The bill also requires a controller to allow a consumer to opt out of any processing of the consumer's personal data for enumerated purposes. There are provisions concerning the processing of deidentified data or pseudonymous data, responsibilities of controllers, requirements for small businesses, data privacy policies, data privacy and protection assessments. Sponsors: Sen. Murphy, et al.
SB 343: Prohibiting Rental property Price Fixing with ai
This bill amends the Illinois Antitrust Act, making it a violation of the Act to contract with any other person who is, or would be, a competitor for the purpose or with the effect of fixing, controlling, or maintaining rental pricing, fees, or any other rental term for residential rental units.
The bill also prohibits engaging in price coordination for residential rental units, including through the sale, licensure, or provision of any service or product that involves price coordination of residential rental units.
SB 343 makes it a violation of the Act to engage in price coordination or use, subscribe to, or contract with a service that involves price coordination for residential rental units in the State, including through the sale, licensure, or provision of any other service or product that involves price coordination of residential rental units. Sponsors: Sen. Guzman, et al.
SB 415: prohibiting the use of Biometric systems in Schools
This bill amends the School Code to prohibit a school district from purchasing or otherwise acquiring biometric systems to use on students.
This prohibition does not apply to a school district that purchases or acquires a biometric system but disables the biometric capabilities of that system so it cannot be used on students or has no reasonable knowledge that the software the school district purchased or otherwise acquired has biometric capabilities.
SB 415 requires, by the 2027-2028 school year, a school district to ensure that the biometric systems it uses are used only for legitimate instructional purposes. Sponsors: Sen. Villa, et al.
SB 416: the Student Technological rights act
This bill requires, by the 2027-2028 school year, the school board of each school district to adopt a policy that:
prohibits teachers from using an AI tool to assign a numerical score or a grade for any task that requires professional judgment;
requires that any AI model used in relation to students or student work be approved by the school district;
requires the school district to provide a list of approved AI models to all schools at the start of each school year, and promptly after any revisions to the list.
Sponsors: Sen. Martwick, et al.
SB 2909: prohibiting the Use of AI for teacher evaluations
This bill would prohibit an evaluator from using an artificial intelligence tool to assign a numerical score or qualitative rating for any component of a teacher's evaluation or any evaluation task that requires professional judgment.

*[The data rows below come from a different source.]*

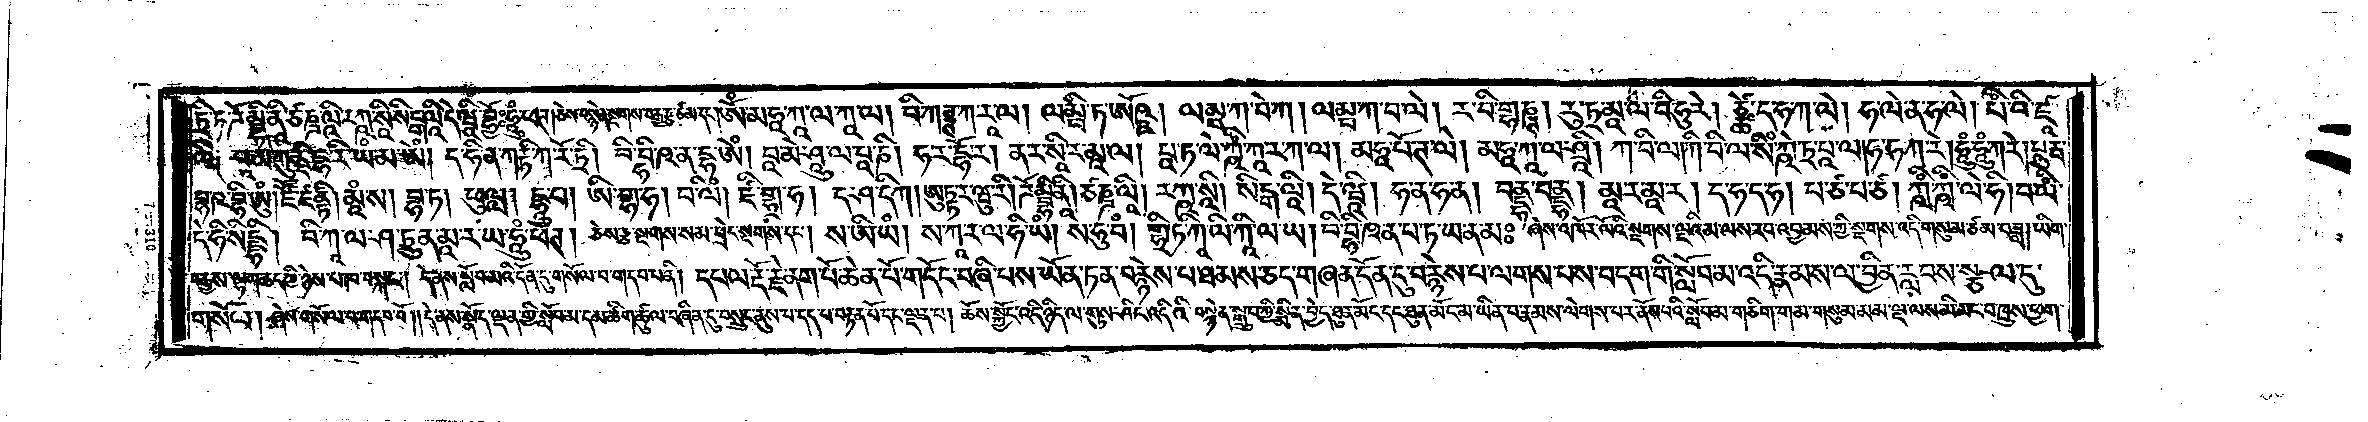ཏྲི་ཏ་ཌོམྦྷི་ནཱི་ཙཎྜ་ལཱི་རཀྵ་སཱི་སིངྒ་ལཱི་དེ་ཝཱི་བྷྱོཿ ཧཱུཾ་ཕཊ། ཅེས་བསྙེན་སྔགས་བརྒྱ་རྩ་ཙམ་དང་།  ཨོཾ་མཧཱ་ཀཱ་ལ་ཀཱ་ལ། བི་ཀཊྚ་ཀ་རཱ་ལ། ལམྦི་ཏ་ཨོཥཊཿཨ། ལམྦ་ཀ་བེ་ཀ། ལམྦ་ཀ་བ་ལེ། ར་བི་གྷ་?ཊྚ། རུ་ཏྲ་མཱ་ལ་བི་རུ་རེ། ཙྪེ་ད་ཧ་ཀ་ལེ། ཧ་ལེ་ན་ཧ་ལེ། པིཾ་པི་ཛཱ་
ལི༑ བཱ་མ་ཀུནྡི་དྷ་རི་ཡཾ་མ་ཨེཾ། ད་ཧི་ན་ཀརྟི་ཀ་རོ་ཏྲི། བིབྷི་ཥ་ན་དྷ་ཨེཾ། བཱ་མེ་ཤཱུ་ལ་པཱ་ཎི། ཧ་ར་དྷོ་ར། ན་ར་སཱི་ར་མཱ་ལ། པཱ་ཏ་ལེ་ཀྵིཾ་ཀཱ་ར་ཀ་ལ། མཧཱ་པོ་ཊ་ལེ། མཧཱ་ཀཱ་ལ་ཤྲཱི། ཀ་བི་ལ། ཀི་བི་ལ་སིཾ་ཀྵེ་ཏྲ་པཱ་ལ། ཧ་ཧ་ཀ་རེ། ཧཱུཾ་ཧཱུཾ་ཀ་རེ། པཱུ་རྦ་
བྷ་ཥ་བྷི་ཨུཾ། རྫོ་ཛ་ནྟི། མཱཾ་ས། བྷ་ཏ། ཕུལླ། དྷྖ་པ། ཨི་གྷ་ཧ། བི་ལཾ། ཛི་གྷྲ་ཧ། ད་ཤ་དི་ཀ། ཨུཏྟ་ར་ཝུ་རི། ཌོམྦྷི་ནཱི། ཙཎྜ་ལཱི། རཀྵ་སཱི། སིངྒ་ལཱི། དེ་ཝཱི། ཧ་ན་ཧ་ན། བནྡྷ་བམྦྷ། མཱར་མཱར། ད་ཧ་ད་ཧ། པ་ཙ་པ་ཙ། ཀྵིཾ་ཀྵིཾ་ལེ་ཧི། བ་ལིཾ་
དེ་ཧི་སིདྡྷི། བི་ཀཱ་ལ་ཤ་ཏྲུན་མཱ་ར་ཡ་ཧཱུཾ་ཕཊ། ཅེས་རྩ་སྔགས་སམ་ཕྲེང་སྔགས་དང་།  ས་ཨི་ཡཾ། ས་ཀཱ་ར་ལ་ཧི་ཡཾ། ས་ཧུ་བཾ། གྷྲི་ཏ་ཀཱི་ལི་ཀཱི་ལ་ཡ། བི་བྷི་ཁ་ན་པ་ཏ་ཡ་ནམཿ ཞེས་འཁོར་ལོའི་སྔགས་ལྔའམ་ལས་རབ་འབྱམས་ཀྱི་སྔགས་འདི་གསུམ་ཙམ་བཟླ། ཡིག་
བརྒྱས་ལྷག་ཆད་ཀྱི་ཉེས་པ་ཁ་བསྐང་། དེ་ནས་སློབ་མའི་དོན་དུ་གསོལ་བ་གདབ་པ་ནི། དཔལ་རྡོ་རྗེ་ནག་པོ་ཆེན་པོ་གདོང་བཞི་པས་ཡོན་ཏན་བརྙེས་པ་ཐམས་ཅད་གཞན་དོན་དུ་བརྙེས་པ་ལགས་པས་བདག་གི་སློབ་མ་འདི་རྣམས་ལ་བྱིན་རླབས་སྩལ་དུ་
གསོལ། ཞེས་གསོལ་བ་གདབ་བོ། །དེ་ནས་སྣོད་ལྡན་གྱི་སློབ་མ་དམ་ཚིག་ཚུལ་བཞིན་དུ་བསྲུང་ནུས་པ་དད་པ་བརྟན་པོ་དང་ལྡན་པ། ཆོས་སྐྱོང་འདི་ཉིད་ལ་གུས་ཤིང་འདིའི་བསྙེན་སྒྲུབ་ཀྱི་སྨིན་བྱེད་ཐུན་མོང་དང་ཐུན་མོང་མ་ཡིན་པ་རྣམས་ལེགས་པར་ནོས་པའི་སློབ་མ་གཅིག་གམ་གསུམ་མམ་ལྔ་ལས་མི་མང་བ་ཁྲུས་ཕྱག

Under the terms of the bill, an evaluator would be allowed to use an artificial intelligence tool to support the evaluator in administrative tasks. Sponsors: Sen. Belt, et al.
SB 3114: On the use of AI in health care approvals
This bill prohibits a health care payor from implementing any policy or using any algorithm or other automated process, system, or tool that bypasses the evaluation of all information included by the billing health care professional to downcode a claim.
SB 3114 provides that a health care payor may use an automated process to identify claims that may justify a downcoding determination. All downcoding determinations must be made or reviewed by a natural person.
The bill prohibits a health care payor from downcoding a claim based solely on the reported diagnosis codes, and sets forth provisions concerning notification requirements and the dispute process for downcoded claims.
SB 3114 also prohibits a health care payor from using downcoding practices in a targeted or discriminatory manner against health care professionals who routinely treat patients with complex or chronic conditions. Sponsor: Sen. Koehler, et al.